I made a throttle linkage by using most of the parts that came with the engine. The throttle plate is made up of a fixed base plate and a moving plate held in place with a nylock lock nut. I made a nylon bush to allow the moving plate to move smoothly and evenly. I replace the throttle governor actuating spring with a solid rod and fitted return springs. I then made up some cable retention hardware for both the fixed on moving portions of the throttle plate. On the moving plate the cable is retained by a small bolt with a hole drilled in it and nuts fitted to hold the cable secure. On the fixed portion I had a plastic cable sheath retainer off an old whipper-snipper which I modified and strengthened with a steel bracket.


I have done most of the standard modifications that people do with these engines. I purchase an open header pipe, a K&N style air filter, an air filter adaptor, GX140 emulsion tube and a main jet drilled to .036”. When I had the crankcase open I noticed that the camshaft was a nylon type so I decided not to upgrade the valve springs from 10lb to 18lb as is generally recommended. Also I have not replaced the flywheel so I don’t really want the engine to rev over about 5000rpm. This engine makes plenty of power low in the rev range.

 

[GregMartin]

Greg's Go-Kart Project part 4 Drive Train

Drive Train
When gathering parts for this go-kart build I managed to get the wheels, rear axle with sprocket and chain from an old Cox Scout ride on mower. The chain is either a #40 or #41. The sprocket has 48 teeth so I purchased a 10 teeth #41 Max Torque Centrifugal Clutch. This gearing works well with the 6.5HP Honda Clone however it was probably a bit tall for the Briggs 3.5HP engine which also ran a 10 tooth clutch. The rear axle was too narrow so I cut it and lengthened it by slipping each end into a piece of 1” gas pipe and welding it up. To weld it I set it up in a couple of V blocks and took my time. The results are a straight axle (amazing). The axle is suspended under the frame by bearing hangers.
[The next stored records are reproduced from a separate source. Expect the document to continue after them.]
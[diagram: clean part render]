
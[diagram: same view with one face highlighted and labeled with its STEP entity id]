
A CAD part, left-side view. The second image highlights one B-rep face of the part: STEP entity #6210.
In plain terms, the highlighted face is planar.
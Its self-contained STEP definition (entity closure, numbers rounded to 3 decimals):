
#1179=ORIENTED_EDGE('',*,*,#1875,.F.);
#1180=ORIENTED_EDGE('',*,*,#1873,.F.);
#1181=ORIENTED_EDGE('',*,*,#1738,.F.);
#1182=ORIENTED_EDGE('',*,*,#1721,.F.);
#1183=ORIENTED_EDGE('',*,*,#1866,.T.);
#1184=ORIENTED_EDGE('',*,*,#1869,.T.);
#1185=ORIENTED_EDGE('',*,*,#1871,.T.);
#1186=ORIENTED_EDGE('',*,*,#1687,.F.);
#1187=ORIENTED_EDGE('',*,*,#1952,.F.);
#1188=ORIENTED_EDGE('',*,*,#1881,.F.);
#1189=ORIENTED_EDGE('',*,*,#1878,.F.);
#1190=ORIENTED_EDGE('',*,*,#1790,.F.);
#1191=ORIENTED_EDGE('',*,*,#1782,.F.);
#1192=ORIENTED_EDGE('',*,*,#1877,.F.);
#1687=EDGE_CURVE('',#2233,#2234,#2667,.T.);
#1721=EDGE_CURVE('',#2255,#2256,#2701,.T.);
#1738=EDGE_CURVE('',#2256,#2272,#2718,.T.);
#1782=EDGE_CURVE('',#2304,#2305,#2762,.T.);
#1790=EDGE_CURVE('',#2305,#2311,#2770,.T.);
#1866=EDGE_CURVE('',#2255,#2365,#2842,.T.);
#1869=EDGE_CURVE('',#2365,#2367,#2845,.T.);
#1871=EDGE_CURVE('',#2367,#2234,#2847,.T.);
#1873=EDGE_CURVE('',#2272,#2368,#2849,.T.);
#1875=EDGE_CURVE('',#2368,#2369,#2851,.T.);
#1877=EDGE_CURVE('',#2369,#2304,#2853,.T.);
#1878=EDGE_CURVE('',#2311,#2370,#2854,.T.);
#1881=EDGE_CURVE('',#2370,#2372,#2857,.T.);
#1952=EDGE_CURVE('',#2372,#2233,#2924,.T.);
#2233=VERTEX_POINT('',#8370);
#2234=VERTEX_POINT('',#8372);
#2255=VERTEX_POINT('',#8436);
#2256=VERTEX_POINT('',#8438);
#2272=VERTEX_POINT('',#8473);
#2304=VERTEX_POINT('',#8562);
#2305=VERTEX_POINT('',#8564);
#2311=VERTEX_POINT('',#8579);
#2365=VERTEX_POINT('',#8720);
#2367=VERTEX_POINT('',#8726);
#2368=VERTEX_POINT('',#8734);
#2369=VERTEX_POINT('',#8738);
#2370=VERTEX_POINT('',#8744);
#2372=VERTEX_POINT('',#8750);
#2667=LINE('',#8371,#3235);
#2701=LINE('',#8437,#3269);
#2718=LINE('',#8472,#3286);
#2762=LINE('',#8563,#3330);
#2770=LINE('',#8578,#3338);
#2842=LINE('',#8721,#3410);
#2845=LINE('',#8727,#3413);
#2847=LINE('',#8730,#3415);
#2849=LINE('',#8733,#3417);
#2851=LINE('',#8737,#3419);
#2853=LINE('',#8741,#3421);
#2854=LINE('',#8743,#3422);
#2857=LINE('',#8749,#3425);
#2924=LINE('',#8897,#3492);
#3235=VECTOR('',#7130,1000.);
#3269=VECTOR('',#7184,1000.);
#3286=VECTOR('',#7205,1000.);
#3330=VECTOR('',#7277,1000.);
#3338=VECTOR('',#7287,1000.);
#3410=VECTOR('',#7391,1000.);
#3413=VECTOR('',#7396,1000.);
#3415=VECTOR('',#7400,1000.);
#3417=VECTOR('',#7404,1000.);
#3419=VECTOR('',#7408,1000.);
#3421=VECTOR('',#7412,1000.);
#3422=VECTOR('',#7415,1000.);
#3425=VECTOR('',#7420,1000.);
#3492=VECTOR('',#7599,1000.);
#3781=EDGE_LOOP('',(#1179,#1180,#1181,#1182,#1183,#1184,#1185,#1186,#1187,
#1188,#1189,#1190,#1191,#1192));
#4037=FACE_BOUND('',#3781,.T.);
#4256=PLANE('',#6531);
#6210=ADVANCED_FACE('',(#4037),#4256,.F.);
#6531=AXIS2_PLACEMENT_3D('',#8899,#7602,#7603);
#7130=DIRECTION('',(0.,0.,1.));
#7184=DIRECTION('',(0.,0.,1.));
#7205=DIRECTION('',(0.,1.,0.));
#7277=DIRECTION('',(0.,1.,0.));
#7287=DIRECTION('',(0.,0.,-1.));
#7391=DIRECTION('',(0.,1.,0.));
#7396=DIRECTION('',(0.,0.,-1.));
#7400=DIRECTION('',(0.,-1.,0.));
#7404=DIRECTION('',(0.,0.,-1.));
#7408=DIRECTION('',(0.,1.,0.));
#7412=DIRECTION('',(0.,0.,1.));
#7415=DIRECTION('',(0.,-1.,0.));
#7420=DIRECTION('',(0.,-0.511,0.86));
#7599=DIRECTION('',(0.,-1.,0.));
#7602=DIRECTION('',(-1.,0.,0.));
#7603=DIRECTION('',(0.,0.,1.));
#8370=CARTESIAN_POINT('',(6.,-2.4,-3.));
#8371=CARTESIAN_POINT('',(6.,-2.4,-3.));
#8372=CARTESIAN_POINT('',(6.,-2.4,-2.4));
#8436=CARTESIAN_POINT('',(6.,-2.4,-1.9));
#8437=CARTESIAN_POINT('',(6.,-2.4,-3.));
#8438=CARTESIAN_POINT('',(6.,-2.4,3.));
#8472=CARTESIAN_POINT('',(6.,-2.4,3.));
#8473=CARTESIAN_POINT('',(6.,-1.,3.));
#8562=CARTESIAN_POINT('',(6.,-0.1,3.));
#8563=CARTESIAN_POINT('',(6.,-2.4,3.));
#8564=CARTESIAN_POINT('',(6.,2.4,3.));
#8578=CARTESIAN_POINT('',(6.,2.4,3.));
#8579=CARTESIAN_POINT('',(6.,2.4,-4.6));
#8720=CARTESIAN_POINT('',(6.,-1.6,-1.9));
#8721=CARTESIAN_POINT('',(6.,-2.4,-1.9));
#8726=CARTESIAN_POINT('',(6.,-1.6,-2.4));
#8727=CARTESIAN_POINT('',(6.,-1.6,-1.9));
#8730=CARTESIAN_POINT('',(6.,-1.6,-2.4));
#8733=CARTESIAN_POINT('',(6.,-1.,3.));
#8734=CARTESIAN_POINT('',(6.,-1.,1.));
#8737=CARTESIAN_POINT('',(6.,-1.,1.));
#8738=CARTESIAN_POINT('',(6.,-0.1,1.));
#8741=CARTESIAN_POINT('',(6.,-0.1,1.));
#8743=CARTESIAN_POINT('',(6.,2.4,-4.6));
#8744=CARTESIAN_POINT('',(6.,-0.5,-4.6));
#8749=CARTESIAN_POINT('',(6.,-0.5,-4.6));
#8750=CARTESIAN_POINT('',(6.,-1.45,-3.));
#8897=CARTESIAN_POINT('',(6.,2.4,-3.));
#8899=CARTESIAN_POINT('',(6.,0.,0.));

The above picture shows the lengthened axle with sprocket attached to the frame by bearing hangers.

I used a couple of V blocks similar to this to hold the axle in place while I welded it.

 

[GregMartin]

Greg's Go-Kart Project part 5 Brakes

Brakes
I purchase a disk and a calliper on-line and then worked out an arrangement that would work. I made a bracket for the calliper that allows it to slide laterally allowing it to self centre as the disk pads wear. I made up a linkage to actuate the brake calliper from the pedal using rods and pivot points which I turned up and fitted with grease nipples.
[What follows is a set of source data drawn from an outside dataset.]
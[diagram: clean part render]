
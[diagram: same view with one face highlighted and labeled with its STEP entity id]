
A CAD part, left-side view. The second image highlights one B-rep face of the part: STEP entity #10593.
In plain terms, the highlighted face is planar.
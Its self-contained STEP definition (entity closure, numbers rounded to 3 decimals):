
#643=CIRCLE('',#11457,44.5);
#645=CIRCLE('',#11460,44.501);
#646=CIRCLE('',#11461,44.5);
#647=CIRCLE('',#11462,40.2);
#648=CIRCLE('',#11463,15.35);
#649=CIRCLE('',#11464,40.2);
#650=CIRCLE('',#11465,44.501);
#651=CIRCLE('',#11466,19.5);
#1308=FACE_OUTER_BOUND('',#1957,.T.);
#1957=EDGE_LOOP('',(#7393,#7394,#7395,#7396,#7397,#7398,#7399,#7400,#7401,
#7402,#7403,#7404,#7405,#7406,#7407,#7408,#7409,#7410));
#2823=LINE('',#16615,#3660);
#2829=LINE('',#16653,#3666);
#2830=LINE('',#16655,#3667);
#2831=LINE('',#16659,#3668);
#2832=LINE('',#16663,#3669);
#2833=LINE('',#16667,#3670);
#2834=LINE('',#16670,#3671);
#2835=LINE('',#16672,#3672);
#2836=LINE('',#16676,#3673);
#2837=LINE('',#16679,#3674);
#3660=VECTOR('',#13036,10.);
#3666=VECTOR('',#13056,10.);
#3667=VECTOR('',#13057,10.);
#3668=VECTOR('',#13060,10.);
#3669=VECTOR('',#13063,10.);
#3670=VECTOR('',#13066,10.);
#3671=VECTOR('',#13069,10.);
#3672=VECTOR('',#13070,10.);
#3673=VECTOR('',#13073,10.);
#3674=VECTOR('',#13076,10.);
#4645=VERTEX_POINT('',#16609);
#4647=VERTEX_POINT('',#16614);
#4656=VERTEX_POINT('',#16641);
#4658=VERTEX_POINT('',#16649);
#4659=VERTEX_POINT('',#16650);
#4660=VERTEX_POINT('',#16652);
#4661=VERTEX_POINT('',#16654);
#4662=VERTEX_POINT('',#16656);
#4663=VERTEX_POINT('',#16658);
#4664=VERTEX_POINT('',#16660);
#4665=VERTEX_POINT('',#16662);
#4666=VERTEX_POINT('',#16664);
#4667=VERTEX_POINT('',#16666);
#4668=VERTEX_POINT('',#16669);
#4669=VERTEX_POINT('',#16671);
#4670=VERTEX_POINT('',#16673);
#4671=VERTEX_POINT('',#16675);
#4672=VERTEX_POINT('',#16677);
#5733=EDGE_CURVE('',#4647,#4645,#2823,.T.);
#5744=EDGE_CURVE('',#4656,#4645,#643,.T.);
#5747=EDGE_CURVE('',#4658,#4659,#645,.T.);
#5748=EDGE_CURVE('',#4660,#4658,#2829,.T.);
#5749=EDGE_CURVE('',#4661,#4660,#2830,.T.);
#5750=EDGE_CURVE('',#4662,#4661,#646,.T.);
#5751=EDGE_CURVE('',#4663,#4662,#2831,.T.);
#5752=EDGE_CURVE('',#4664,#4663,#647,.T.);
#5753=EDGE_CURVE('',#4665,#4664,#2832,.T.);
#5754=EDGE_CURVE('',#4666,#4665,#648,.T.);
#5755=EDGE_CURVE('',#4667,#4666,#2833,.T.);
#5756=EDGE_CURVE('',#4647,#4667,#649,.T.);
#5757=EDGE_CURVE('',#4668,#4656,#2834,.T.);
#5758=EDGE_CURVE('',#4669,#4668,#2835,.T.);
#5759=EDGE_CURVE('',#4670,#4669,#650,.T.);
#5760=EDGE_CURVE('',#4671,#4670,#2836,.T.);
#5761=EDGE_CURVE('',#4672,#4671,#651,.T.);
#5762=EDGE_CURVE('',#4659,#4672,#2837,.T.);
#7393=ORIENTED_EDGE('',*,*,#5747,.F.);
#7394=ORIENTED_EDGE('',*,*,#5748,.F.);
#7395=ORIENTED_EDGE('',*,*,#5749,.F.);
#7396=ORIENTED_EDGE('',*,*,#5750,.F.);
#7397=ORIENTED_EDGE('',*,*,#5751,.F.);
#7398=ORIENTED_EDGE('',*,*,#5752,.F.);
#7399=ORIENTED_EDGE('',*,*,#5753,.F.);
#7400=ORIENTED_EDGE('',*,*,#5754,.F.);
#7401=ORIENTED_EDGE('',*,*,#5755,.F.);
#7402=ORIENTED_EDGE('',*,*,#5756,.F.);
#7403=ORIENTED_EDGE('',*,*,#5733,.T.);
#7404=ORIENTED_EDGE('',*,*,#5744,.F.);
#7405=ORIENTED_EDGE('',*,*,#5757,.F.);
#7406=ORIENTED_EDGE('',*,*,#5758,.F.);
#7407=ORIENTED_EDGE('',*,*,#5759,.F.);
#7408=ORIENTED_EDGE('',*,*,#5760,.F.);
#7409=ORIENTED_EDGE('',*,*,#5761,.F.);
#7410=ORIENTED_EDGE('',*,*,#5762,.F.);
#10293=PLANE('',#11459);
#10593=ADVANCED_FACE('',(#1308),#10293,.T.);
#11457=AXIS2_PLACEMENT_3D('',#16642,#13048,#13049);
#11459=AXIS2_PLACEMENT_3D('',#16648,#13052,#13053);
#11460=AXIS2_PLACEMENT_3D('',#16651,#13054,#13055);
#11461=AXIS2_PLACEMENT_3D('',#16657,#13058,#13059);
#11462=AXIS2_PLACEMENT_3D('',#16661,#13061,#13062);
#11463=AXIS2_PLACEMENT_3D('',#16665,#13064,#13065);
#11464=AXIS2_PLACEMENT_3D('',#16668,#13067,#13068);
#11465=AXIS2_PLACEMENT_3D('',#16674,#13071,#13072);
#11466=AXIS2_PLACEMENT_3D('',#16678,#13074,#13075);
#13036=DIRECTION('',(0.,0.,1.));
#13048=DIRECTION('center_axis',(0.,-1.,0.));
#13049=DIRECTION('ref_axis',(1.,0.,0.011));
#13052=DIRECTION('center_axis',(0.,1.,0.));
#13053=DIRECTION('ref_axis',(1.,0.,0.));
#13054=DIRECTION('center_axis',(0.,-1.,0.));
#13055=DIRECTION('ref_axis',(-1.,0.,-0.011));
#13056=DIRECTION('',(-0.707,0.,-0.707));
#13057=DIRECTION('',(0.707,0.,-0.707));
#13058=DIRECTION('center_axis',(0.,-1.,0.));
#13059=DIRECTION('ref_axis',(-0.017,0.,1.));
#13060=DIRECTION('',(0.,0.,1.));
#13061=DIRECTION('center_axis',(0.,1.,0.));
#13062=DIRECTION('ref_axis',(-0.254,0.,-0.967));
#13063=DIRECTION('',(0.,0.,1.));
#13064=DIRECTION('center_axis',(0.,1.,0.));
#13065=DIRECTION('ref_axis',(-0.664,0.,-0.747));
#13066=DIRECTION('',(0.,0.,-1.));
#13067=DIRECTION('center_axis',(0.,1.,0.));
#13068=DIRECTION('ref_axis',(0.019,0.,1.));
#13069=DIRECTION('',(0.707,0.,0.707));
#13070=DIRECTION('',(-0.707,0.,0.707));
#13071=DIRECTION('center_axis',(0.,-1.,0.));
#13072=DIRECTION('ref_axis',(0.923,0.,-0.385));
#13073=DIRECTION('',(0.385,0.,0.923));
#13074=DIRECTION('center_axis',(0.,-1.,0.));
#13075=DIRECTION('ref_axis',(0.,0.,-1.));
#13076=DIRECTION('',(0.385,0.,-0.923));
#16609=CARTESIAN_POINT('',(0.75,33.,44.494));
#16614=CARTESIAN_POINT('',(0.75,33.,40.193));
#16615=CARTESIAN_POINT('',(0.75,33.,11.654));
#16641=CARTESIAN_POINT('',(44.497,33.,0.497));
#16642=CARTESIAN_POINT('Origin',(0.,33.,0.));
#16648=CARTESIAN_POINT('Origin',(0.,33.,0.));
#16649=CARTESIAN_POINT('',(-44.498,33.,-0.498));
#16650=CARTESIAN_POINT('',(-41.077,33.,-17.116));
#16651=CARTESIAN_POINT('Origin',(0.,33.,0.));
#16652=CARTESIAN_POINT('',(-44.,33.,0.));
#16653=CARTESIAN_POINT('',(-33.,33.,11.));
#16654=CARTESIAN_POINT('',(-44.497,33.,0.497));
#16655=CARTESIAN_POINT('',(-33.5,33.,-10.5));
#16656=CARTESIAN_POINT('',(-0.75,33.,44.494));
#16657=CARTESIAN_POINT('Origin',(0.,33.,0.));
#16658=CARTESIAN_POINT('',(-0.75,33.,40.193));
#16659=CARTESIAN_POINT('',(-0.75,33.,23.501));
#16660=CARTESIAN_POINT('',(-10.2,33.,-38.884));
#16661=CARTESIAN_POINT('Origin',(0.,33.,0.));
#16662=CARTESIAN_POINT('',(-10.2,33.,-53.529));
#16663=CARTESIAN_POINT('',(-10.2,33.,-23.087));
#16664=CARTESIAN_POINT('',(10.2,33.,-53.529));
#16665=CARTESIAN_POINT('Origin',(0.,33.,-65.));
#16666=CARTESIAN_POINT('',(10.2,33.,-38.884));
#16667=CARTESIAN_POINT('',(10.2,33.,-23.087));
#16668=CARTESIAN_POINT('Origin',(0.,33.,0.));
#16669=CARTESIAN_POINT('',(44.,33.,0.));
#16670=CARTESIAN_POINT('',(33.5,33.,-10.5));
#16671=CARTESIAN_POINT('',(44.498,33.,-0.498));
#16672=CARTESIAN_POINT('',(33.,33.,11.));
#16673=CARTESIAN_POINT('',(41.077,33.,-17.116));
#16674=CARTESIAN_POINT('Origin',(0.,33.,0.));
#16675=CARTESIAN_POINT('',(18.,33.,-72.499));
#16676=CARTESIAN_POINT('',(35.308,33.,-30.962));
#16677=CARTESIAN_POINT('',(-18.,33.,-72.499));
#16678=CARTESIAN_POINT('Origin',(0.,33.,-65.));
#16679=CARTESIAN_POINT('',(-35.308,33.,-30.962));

The above picture shows the brake disk and calliper with calliper mounting arrangement. It also shows part of the brake linkage with pivot point and grease nipple.
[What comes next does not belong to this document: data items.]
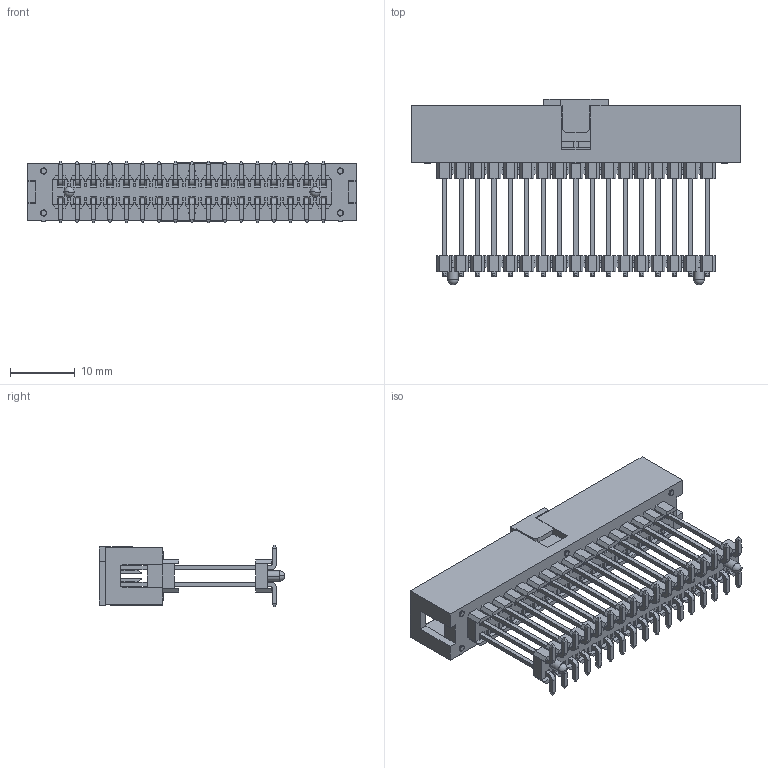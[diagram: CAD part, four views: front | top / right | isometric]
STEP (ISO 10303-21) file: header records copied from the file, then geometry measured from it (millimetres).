
FILE_DESCRIPTION( ('This file contains a STEP AP42 implementation' ,'as created by ZW3D STEP Interface translator.') ,'2;1' );
FILE_NAME( '3110-XXMXXBD00XX.stp' ,'2312 8.112757', (''), ('ZWCAD Software Co.'), 'Version 1.0', 'ZW3D to STEP translator', '' );
FILE_SCHEMA(('AUTOMOTIVE_DESIGN { 1 0 10303 214 1 1 1 1 }'));
Length unit declared in the file: millimetre
Products named in the file (1): 0
Bounding box: 50.8 x 28.7 x 9.5 mm (x, y, z)
Volume: 3084.9 mm3; surface area: 6896.3 mm2
Topology: 2 solids, 2 shells, 2513 faces, 6905 edges, 4500 vertices
Faces by surface type: plane 2393, cylinder 104, torus 12, sphere 4
Entity records: 80686 total; most frequent: CARTESIAN_POINT 13955, ORIENTED_EDGE 13802, DIRECTION 12141, EDGE_CURVE 6901, VECTOR 6673, LINE 6673, VERTEX_POINT 4500, EDGE_LOOP 2757

Pictured above are the brake components I purchased from MFG Supply. They are a 6 3/8” disk with a 1” bore and the brake calliper is a Go-Kart and Mini-Bike Disk Brake Assembly


Above pictures show more detail of the brake linkage arrangement

Pedals
These are pretty straight forward. The brake pedal activates a rod which applies the brake via a linkage arrangement. The accelerator pedal operates the throttle via a cable. Both have a return spring attached to the frame.

Above is the brake pedal

Above is the accelerator pedal with cable retainer and return spring visible.

 

[GregMartin]

Greg's Go-Kart Project part 6 Paint and Livery

Paint and Livery
My childhood hero was Peter Brock.

 

[GregMartin]

Greg's Go-Kart Project part 7 The Finished Product

The Finished Product

 

[landuse]

When I had the crankcase open I noticed that the camshaft was a nylon type so I decided not to upgrade the valve springs from 10lb to 18lb as is generally recommended. Also I have not replaced the flywheel so I don’t really want the engine to rev over about 5000rpm.

Drive Train
When gathering parts for this go-kart build I managed to get the wheels, rear axle with sprocket and chain from an old Cox Scout ride on mower. The chain is either a #40 or #41. The sprocket has 48 teeth so I purchased a 10 teeth #41 Max Torque Centrifugal Clutch. This gearing works well with the 6.5HP Honda Clone however it was probably a bit tall for the Briggs 3.5HP engine which also ran a 10 tooth clutch.

Welcome to the forum Greg, it looks like you have all the skills needed for a build like this.

Have you actually finished the kart? Does it ride well. I am surprised you say the gear ratio you have now (4.8:1) works well. That is one tall ratio you have. You will probably be MUCH happier with a 60T sprocket. No lies.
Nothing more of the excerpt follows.